Exercise =
An exact transcription of the entries is required, with none of the pictures carried over.
——————————
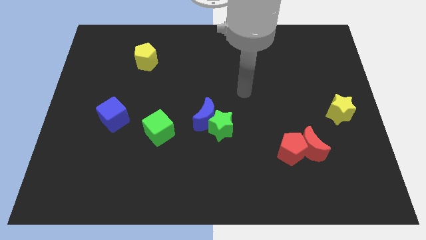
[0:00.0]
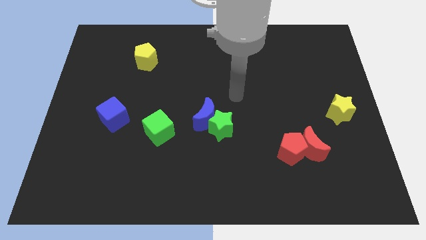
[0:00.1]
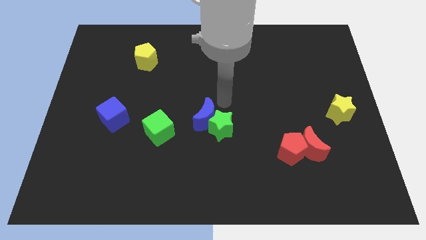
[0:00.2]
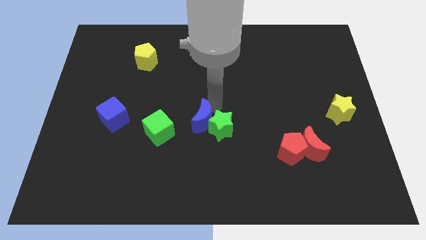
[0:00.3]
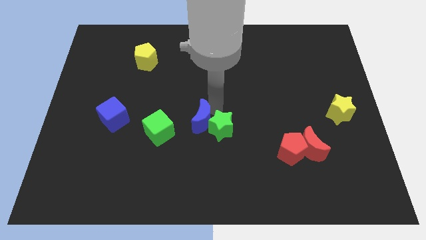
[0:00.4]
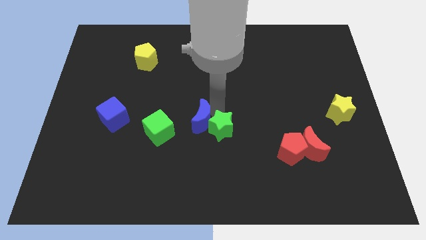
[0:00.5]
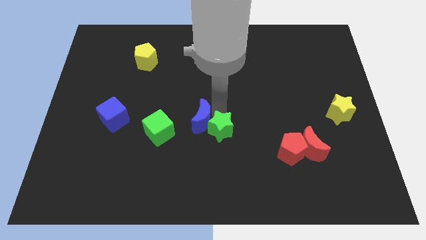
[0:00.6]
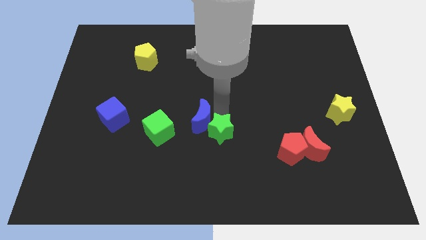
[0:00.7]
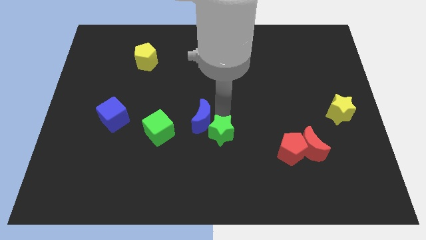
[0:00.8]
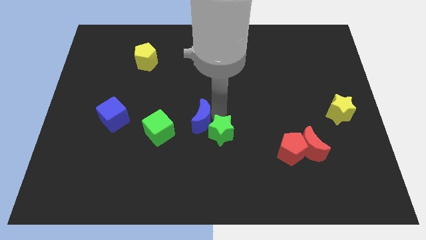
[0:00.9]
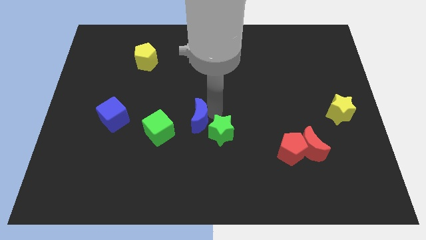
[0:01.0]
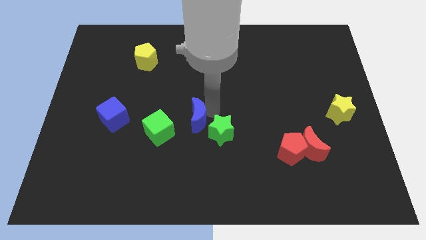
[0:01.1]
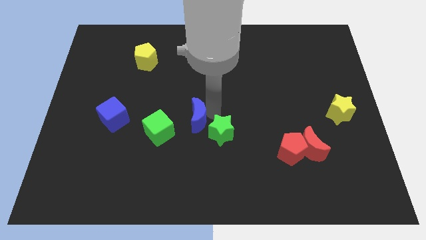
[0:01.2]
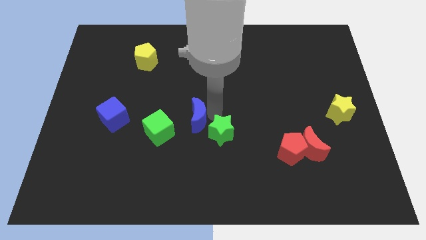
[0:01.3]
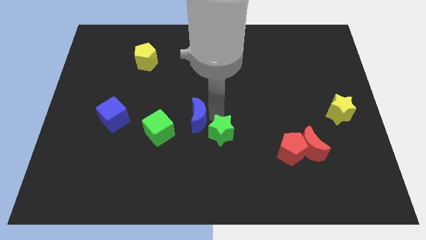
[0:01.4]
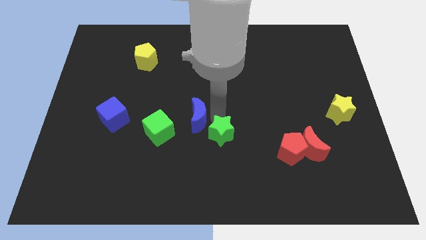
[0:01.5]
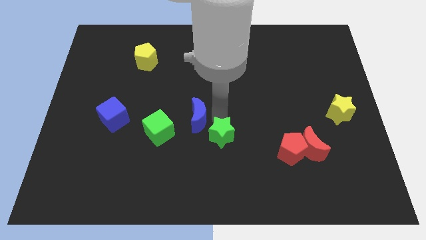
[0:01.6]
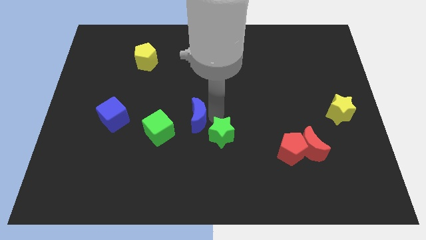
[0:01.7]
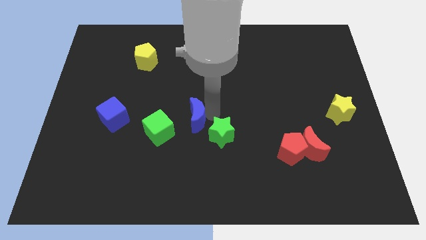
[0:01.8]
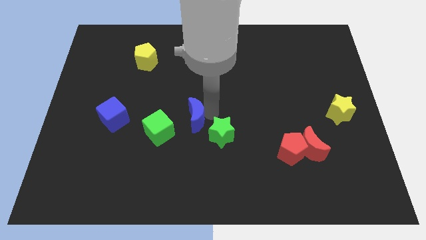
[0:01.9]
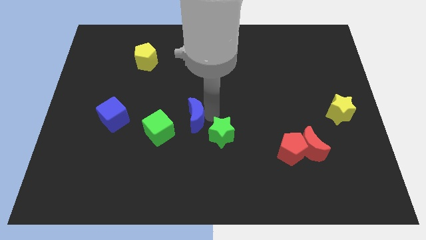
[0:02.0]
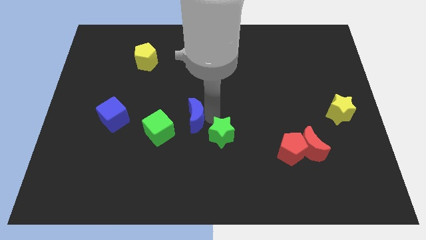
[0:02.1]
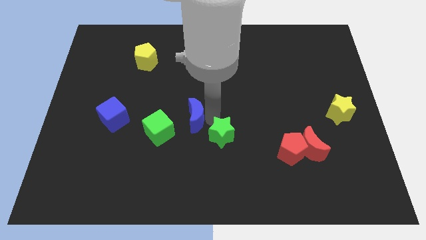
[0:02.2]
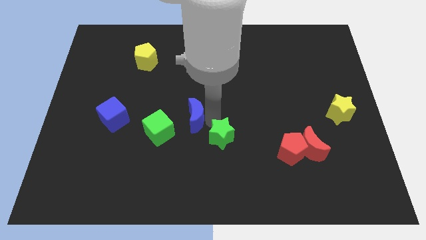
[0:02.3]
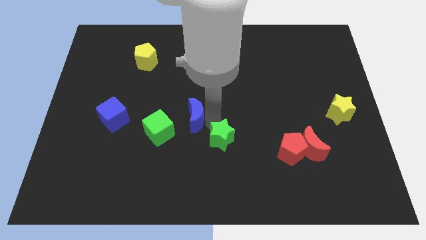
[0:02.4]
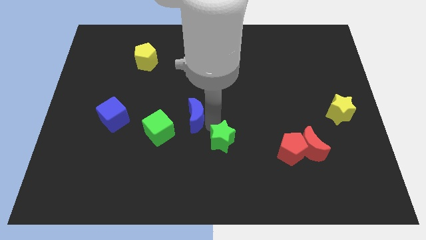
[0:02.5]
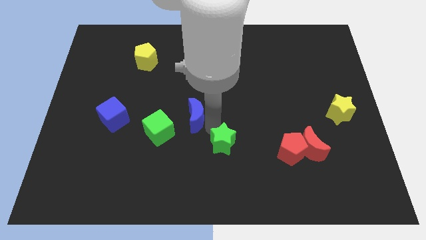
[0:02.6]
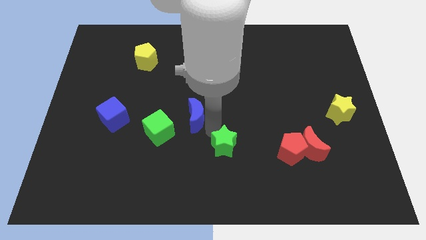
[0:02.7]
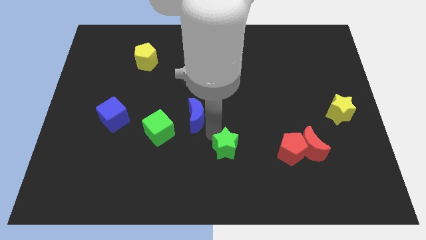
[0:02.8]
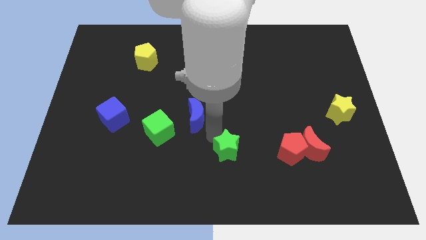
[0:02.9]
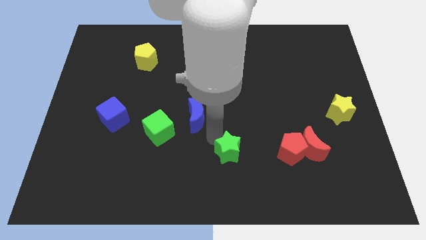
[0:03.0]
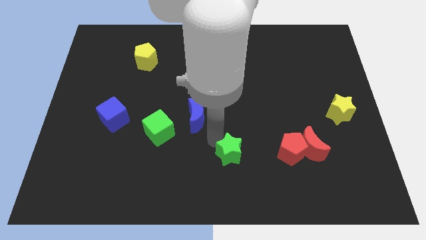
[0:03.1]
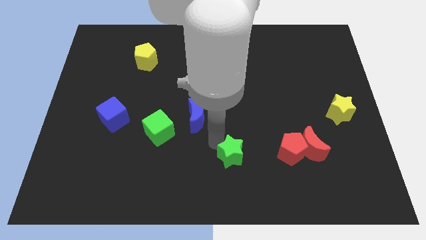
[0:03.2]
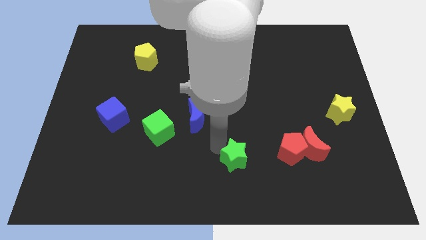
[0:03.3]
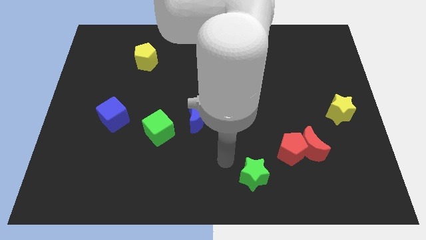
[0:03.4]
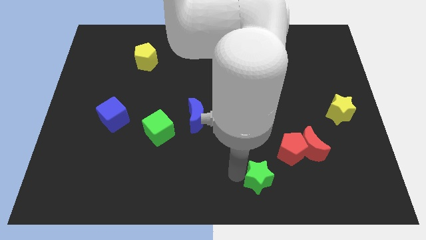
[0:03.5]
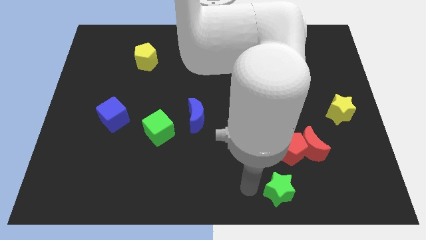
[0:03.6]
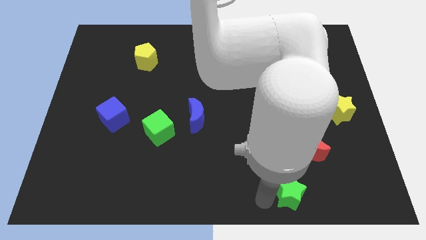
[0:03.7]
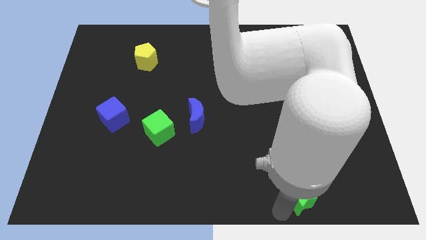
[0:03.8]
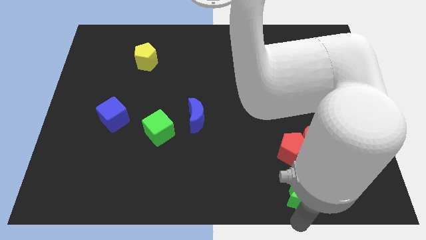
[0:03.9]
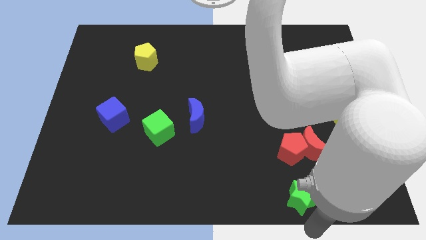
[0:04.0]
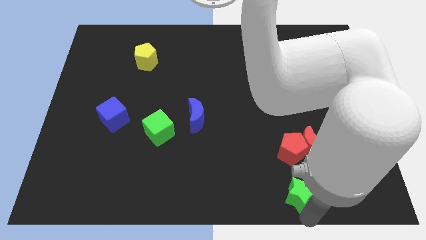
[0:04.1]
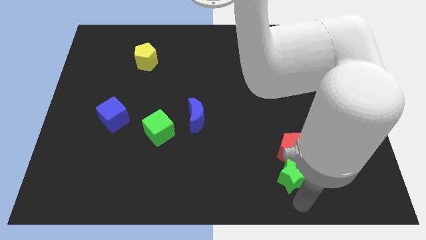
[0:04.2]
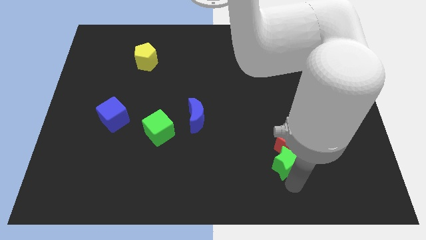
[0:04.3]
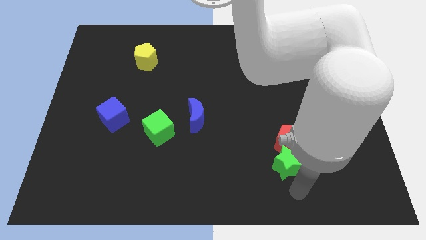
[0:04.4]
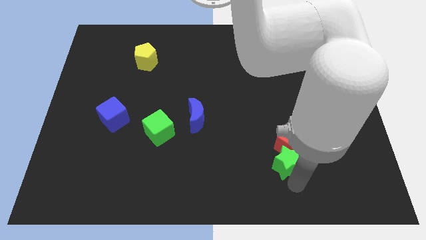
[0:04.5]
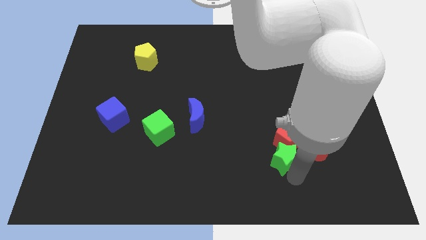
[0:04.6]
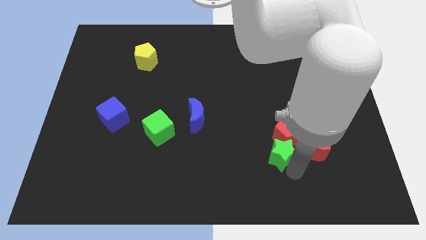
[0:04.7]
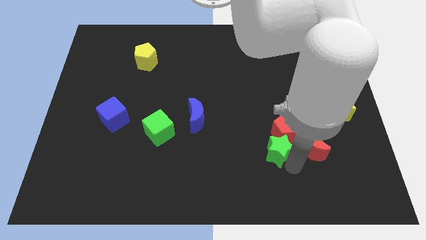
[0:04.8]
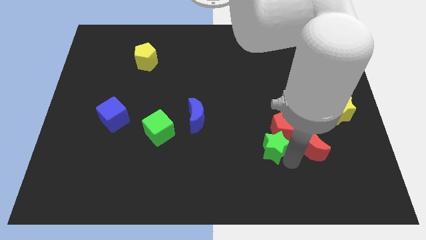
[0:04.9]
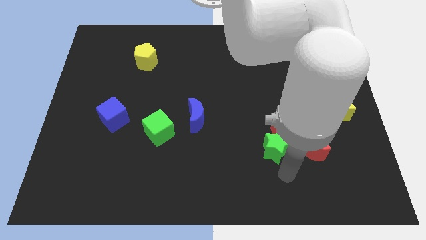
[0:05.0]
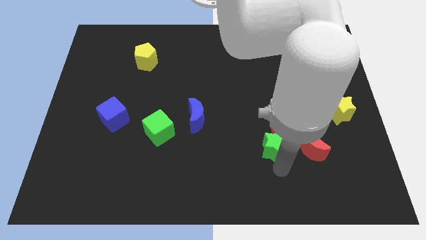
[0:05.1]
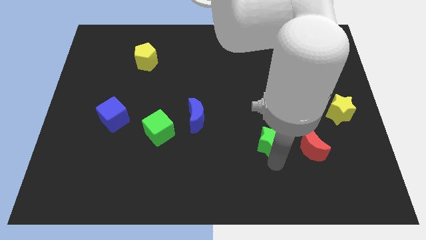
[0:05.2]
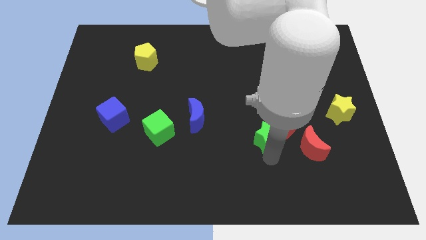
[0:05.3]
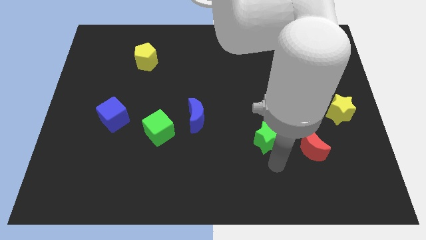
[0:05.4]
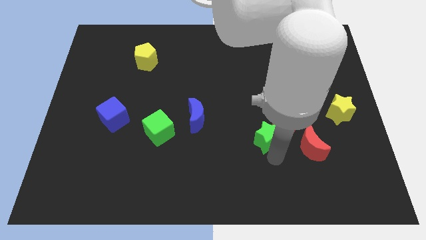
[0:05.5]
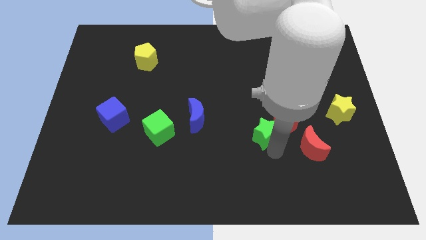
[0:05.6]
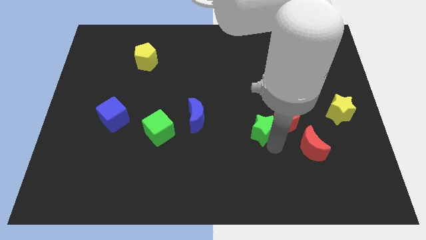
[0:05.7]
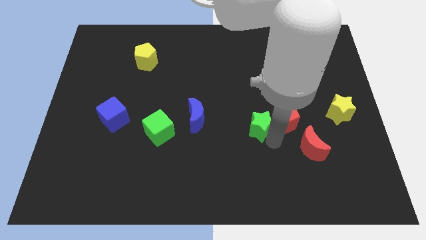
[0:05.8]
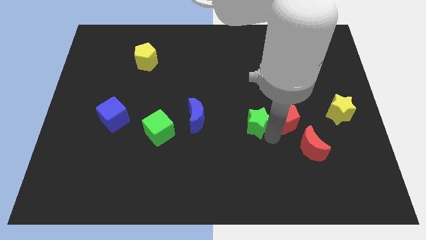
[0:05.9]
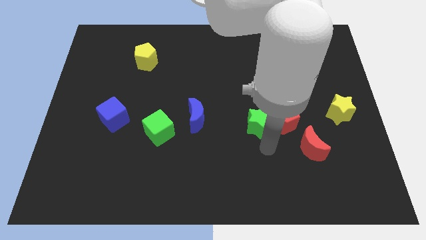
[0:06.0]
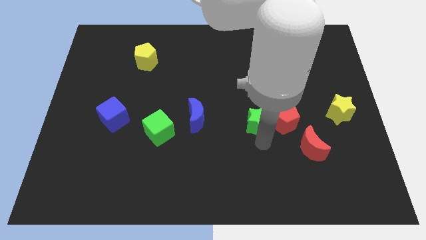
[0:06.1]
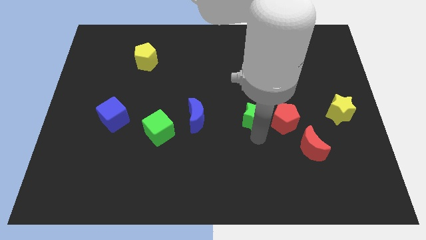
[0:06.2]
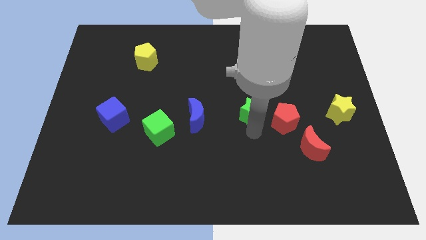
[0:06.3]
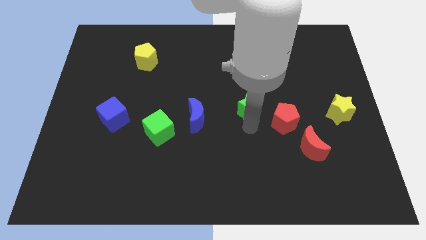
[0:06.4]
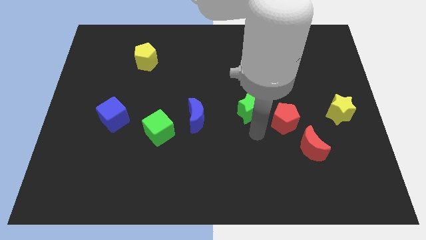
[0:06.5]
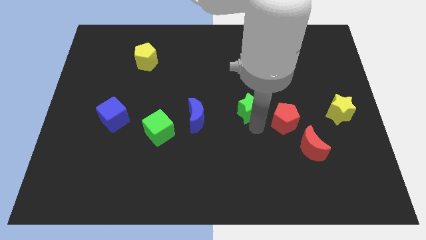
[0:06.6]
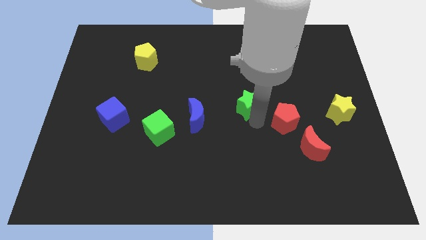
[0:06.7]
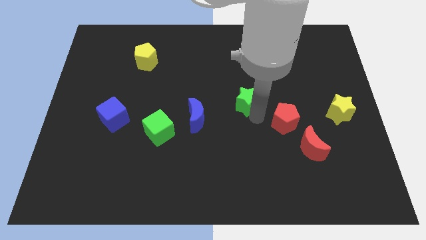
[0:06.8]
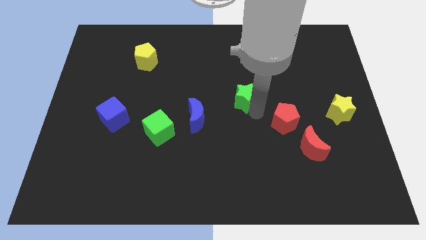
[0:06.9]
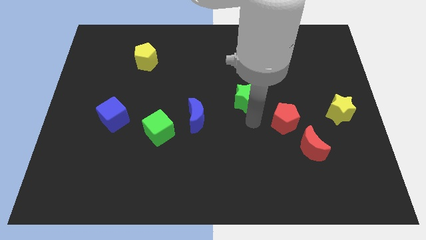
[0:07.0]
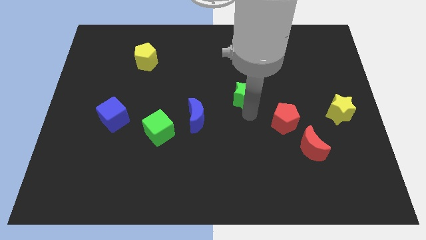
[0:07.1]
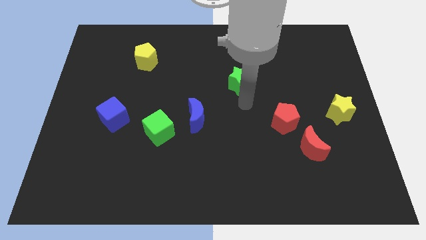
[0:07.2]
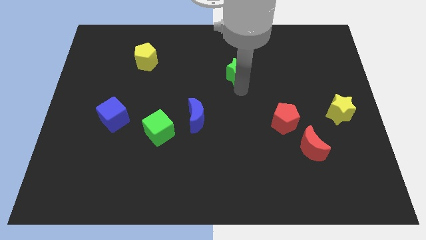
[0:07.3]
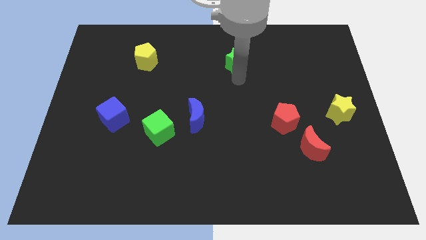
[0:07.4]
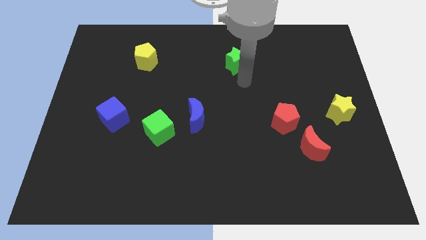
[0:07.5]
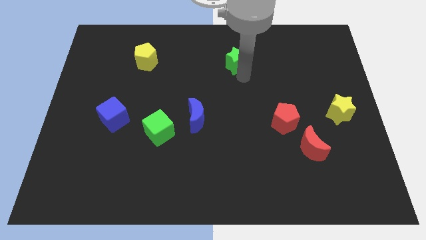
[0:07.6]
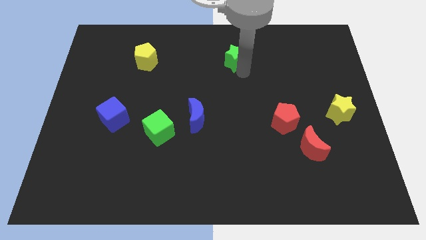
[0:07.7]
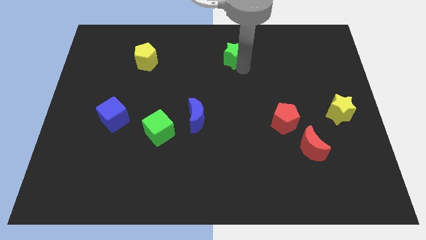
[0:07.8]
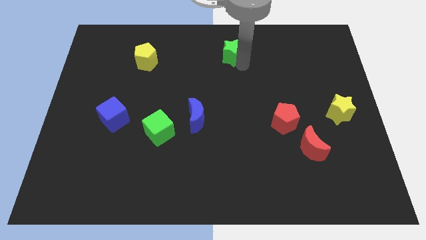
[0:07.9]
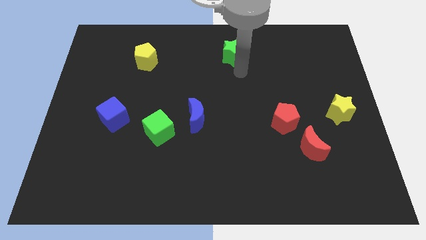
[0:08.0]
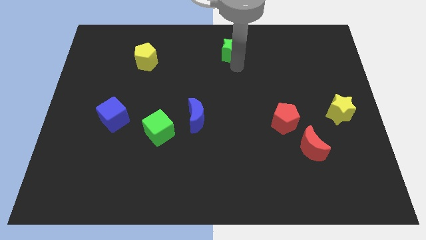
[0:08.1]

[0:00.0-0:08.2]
move the green star to the top
——————————
Response =
[0:00.0]
[0:00.1]
[0:00.2]
[0:00.3]
[0:00.4]
[0:00.5]
[0:00.6]
[0:00.7]
[0:00.8]
[0:00.9]
[0:01.0]
[0:01.1]
[0:01.2]
[0:01.3]
[0:01.4]
[0:01.5]
[0:01.6]
[0:01.7]
[0:01.8]
[0:01.9]
[0:02.0]
[0:02.1]
[0:02.2]
[0:02.3]
[0:02.4]
[0:02.5]
[0:02.6]
[0:02.7]
[0:02.8]
[0:02.9]
[0:03.0]
[0:03.1]
[0:03.2]
[0:03.3]
[0:03.4]
[0:03.5]
[0:03.6]
[0:03.7]
[0:03.8]
[0:03.9]
[0:04.0]
[0:04.1]
[0:04.2]
[0:04.3]
[0:04.4]
[0:04.5]
[0:04.6]
[0:04.7]
[0:04.8]
[0:04.9]
[0:05.0]
[0:05.1]
[0:05.2]
[0:05.3]
[0:05.4]
[0:05.5]
[0:05.6]
[0:05.7]
[0:05.8]
[0:05.9]
[0:06.0]
[0:06.1]
[0:06.2]
[0:06.3]
[0:06.4]
[0:06.5]
[0:06.6]
[0:06.7]
[0:06.8]
[0:06.9]
[0:07.0]
[0:07.1]
[0:07.2]
[0:07.3]
[0:07.4]
[0:07.5]
[0:07.6]
[0:07.7]
[0:07.8]
[0:07.9]
[0:08.0]
[0:08.1]

[0:00.0-0:08.2]
move the green star to the top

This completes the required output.